Exercise requirements = Each line of the records must appear in your answer exactly, with no pictures.

Data provided =

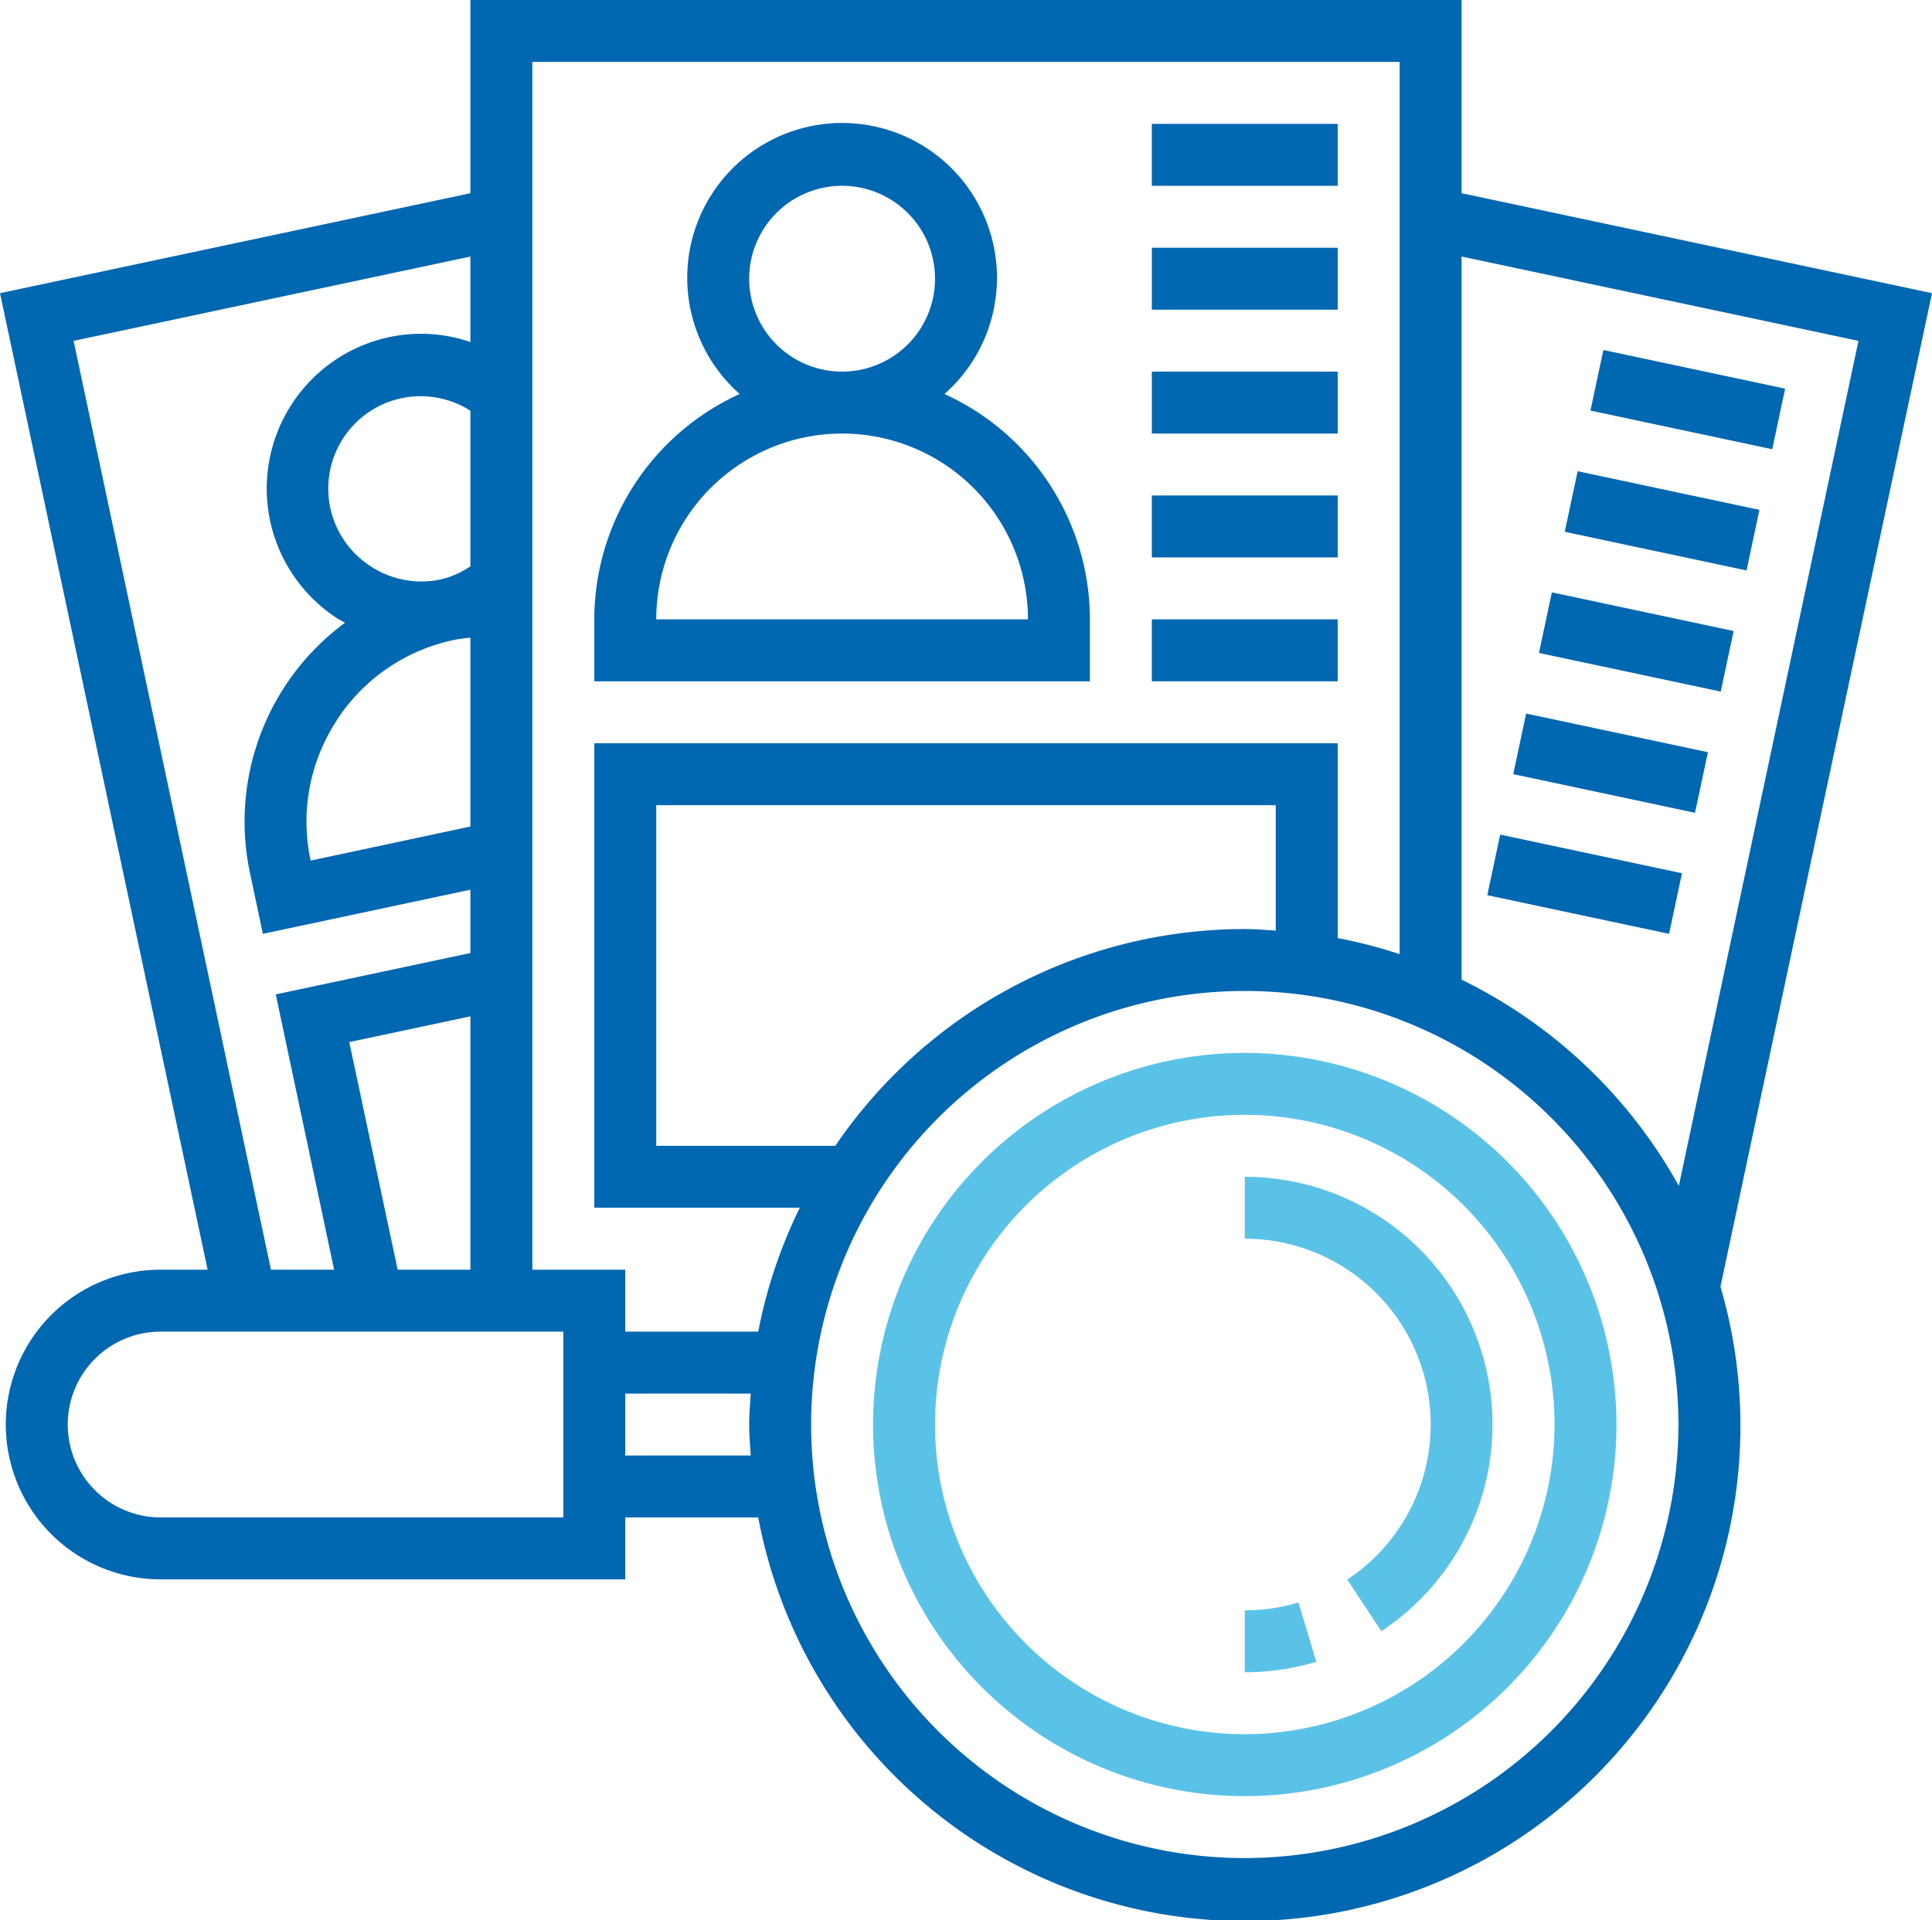 <svg xmlns:xlink="http://www.w3.org/1999/xlink" xmlns="http://www.w3.org/2000/svg" width="62.374" height="62" viewBox="0 0 62.374 62">
  <g id="recruitment" transform="translate(-0.813 -1)">
    <path id="Path_57752" data-name="Path 57752" d="M41,35A12,12,0,1,0,53,47,12.013,12.013,0,0,0,41,35Zm0,22A10,10,0,1,1,51,47,10.011,10.011,0,0,1,41,57Z" fill="#5bc2e7"/>
    <path id="Path_57753" data-name="Path 57753" d="M41,53v2a8.034,8.034,0,0,0,2.309-.338l-.576-1.915A6.026,6.026,0,0,1,41,53Z" fill="#5bc2e7"/>
    <path id="Path_57754" data-name="Path 57754" d="M41,39v2a6,6,0,0,1,3.309,11.007l1.1,1.667A8,8,0,0,0,41,39Z" fill="#5bc2e7"/>
    <path id="Path_57755" data-name="Path 57755" d="M36,21a8.005,8.005,0,0,0-4.695-7.277,5,5,0,1,0-6.61,0A8.005,8.005,0,0,0,20,21v2H36ZM25,10a3,3,0,1,1,3,3A3,3,0,0,1,25,10ZM22,21a6,6,0,0,1,12,0Z" fill="#0067b1"/>
    <path id="Path_57756" data-name="Path 57756" d="M38,5h6V7H38Z" fill="#0067b1"/>
    <path id="Path_57757" data-name="Path 57757" d="M38,9h6v2H38Z" fill="#0067b1"/>
    <path id="Path_57758" data-name="Path 57758" d="M38,13h6v2H38Z" fill="#0067b1"/>
    <path id="Path_57759" data-name="Path 57759" d="M38,17h6v2H38Z" fill="#0067b1"/>
    <path id="Path_57760" data-name="Path 57760" d="M38,21h6v2H38Z" fill="#0067b1"/>
    <path id="Path_57761" data-name="Path 57761" d="M54.3,10.9h2v6h-2Z" transform="translate(30.203 65.103) rotate(-77.993)" fill="#0067b1"/>
    <path id="Path_57762" data-name="Path 57762" d="M53.468,14.815h2v6h-2Z" transform="translate(25.717 67.389) rotate(-77.993)" fill="#0067b1"/>
    <path id="Path_57763" data-name="Path 57763" d="M52.636,18.728h2v6h-2Z" transform="translate(21.23 69.673) rotate(-77.993)" fill="#0067b1"/>
    <path id="Path_57764" data-name="Path 57764" d="M51.805,22.64h2v6h-2Z" transform="translate(16.746 71.96) rotate(-77.993)" fill="#0067b1"/>
    <path id="Path_57765" data-name="Path 57765" d="M50.973,26.553h2v6h-2Z" transform="translate(12.254 74.241) rotate(-77.993)" fill="#0067b1"/>
    <path id="Path_57766" data-name="Path 57766" d="M63.187,10.467,48,7.239V1H16V7.239L.813,10.467,7.516,42H6A5,5,0,0,0,6,52H21V50h4.292a15.993,15.993,0,1,0,31.065-7.454Zm-2.374,1.54-5.8,27.287A16.089,16.089,0,0,0,48,32.635V9.284ZM46,3V31.811a15.731,15.731,0,0,0-2-.519V25H20V40h6.635a15.863,15.863,0,0,0-1.343,4H21V42H18V3ZM27.782,38H22V27H42v4.051c-.332-.021-.662-.051-1-.051A15.99,15.99,0,0,0,27.782,38ZM13.651,42l-1.562-7.349L16,33.82V42ZM11.678,24.267a5.961,5.961,0,0,1,3.785-2.6c.174-.037.356-.057.537-.077v6.1l-5.158,1.1a5.962,5.962,0,0,1,.836-4.516Zm1.111-4.975A2.983,2.983,0,1,1,16,14.263v5.023a2.847,2.847,0,0,1-.953.424A2.985,2.985,0,0,1,12.789,19.292Zm-9.6-7.285L16,9.284v2.761a4.912,4.912,0,0,0-2.617-.16A5,5,0,0,0,11.7,20.968c.082.053.169.092.253.14A7.978,7.978,0,0,0,8.886,29.2L9.3,31.155,16,29.73v2.045L9.716,33.111,11.6,42H9.561ZM19,50H6a3,3,0,0,1,0-6H19Zm2-2V46h4.051c-.021.332-.051.662-.051,1s.03.668.051,1ZM41,61A14,14,0,1,1,55,47,14.015,14.015,0,0,1,41,61Z" fill="#0067b1"/>
  </g>
</svg>

Task response =
 <svg xmlns:xlink="http://www.w3.org/1999/xlink" xmlns="http://www.w3.org/2000/svg" width="62.374" height="62" viewBox="0 0 62.374 62">
  <g id="recruitment" transform="translate(-0.813 -1)">
    <path id="Path_57752" data-name="Path 57752" d="M41,35A12,12,0,1,0,53,47,12.013,12.013,0,0,0,41,35Zm0,22A10,10,0,1,1,51,47,10.011,10.011,0,0,1,41,57Z" fill="#5bc2e7"/>
    <path id="Path_57753" data-name="Path 57753" d="M41,53v2a8.034,8.034,0,0,0,2.309-.338l-.576-1.915A6.026,6.026,0,0,1,41,53Z" fill="#5bc2e7"/>
    <path id="Path_57754" data-name="Path 57754" d="M41,39v2a6,6,0,0,1,3.309,11.007l1.1,1.667A8,8,0,0,0,41,39Z" fill="#5bc2e7"/>
    <path id="Path_57755" data-name="Path 57755" d="M36,21a8.005,8.005,0,0,0-4.695-7.277,5,5,0,1,0-6.61,0A8.005,8.005,0,0,0,20,21v2H36ZM25,10a3,3,0,1,1,3,3A3,3,0,0,1,25,10ZM22,21a6,6,0,0,1,12,0Z" fill="#0067b1"/>
    <path id="Path_57756" data-name="Path 57756" d="M38,5h6V7H38Z" fill="#0067b1"/>
    <path id="Path_57757" data-name="Path 57757" d="M38,9h6v2H38Z" fill="#0067b1"/>
    <path id="Path_57758" data-name="Path 57758" d="M38,13h6v2H38Z" fill="#0067b1"/>
    <path id="Path_57759" data-name="Path 57759" d="M38,17h6v2H38Z" fill="#0067b1"/>
    <path id="Path_57760" data-name="Path 57760" d="M38,21h6v2H38Z" fill="#0067b1"/>
    <path id="Path_57761" data-name="Path 57761" d="M54.3,10.9h2v6h-2Z" transform="translate(30.203 65.103) rotate(-77.993)" fill="#0067b1"/>
    <path id="Path_57762" data-name="Path 57762" d="M53.468,14.815h2v6h-2Z" transform="translate(25.717 67.389) rotate(-77.993)" fill="#0067b1"/>
    <path id="Path_57763" data-name="Path 57763" d="M52.636,18.728h2v6h-2Z" transform="translate(21.23 69.673) rotate(-77.993)" fill="#0067b1"/>
    <path id="Path_57764" data-name="Path 57764" d="M51.805,22.64h2v6h-2Z" transform="translate(16.746 71.96) rotate(-77.993)" fill="#0067b1"/>
    <path id="Path_57765" data-name="Path 57765" d="M50.973,26.553h2v6h-2Z" transform="translate(12.254 74.241) rotate(-77.993)" fill="#0067b1"/>
    <path id="Path_57766" data-name="Path 57766" d="M63.187,10.467,48,7.239V1H16V7.239L.813,10.467,7.516,42H6A5,5,0,0,0,6,52H21V50h4.292a15.993,15.993,0,1,0,31.065-7.454Zm-2.374,1.54-5.8,27.287A16.089,16.089,0,0,0,48,32.635V9.284ZM46,3V31.811a15.731,15.731,0,0,0-2-.519V25H20V40h6.635a15.863,15.863,0,0,0-1.343,4H21V42H18V3ZM27.782,38H22V27H42v4.051c-.332-.021-.662-.051-1-.051A15.99,15.99,0,0,0,27.782,38ZM13.651,42l-1.562-7.349L16,33.82V42ZM11.678,24.267a5.961,5.961,0,0,1,3.785-2.6c.174-.037.356-.057.537-.077v6.1l-5.158,1.1a5.962,5.962,0,0,1,.836-4.516Zm1.111-4.975A2.983,2.983,0,1,1,16,14.263v5.023a2.847,2.847,0,0,1-.953.424A2.985,2.985,0,0,1,12.789,19.292Zm-9.6-7.285L16,9.284v2.761a4.912,4.912,0,0,0-2.617-.16A5,5,0,0,0,11.7,20.968c.082.053.169.092.253.14A7.978,7.978,0,0,0,8.886,29.2L9.3,31.155,16,29.73v2.045L9.716,33.111,11.6,42H9.561ZM19,50H6a3,3,0,0,1,0-6H19Zm2-2V46h4.051c-.021.332-.051.662-.051,1s.03.668.051,1ZM41,61A14,14,0,1,1,55,47,14.015,14.015,0,0,1,41,61Z" fill="#0067b1"/>
  </g>
</svg>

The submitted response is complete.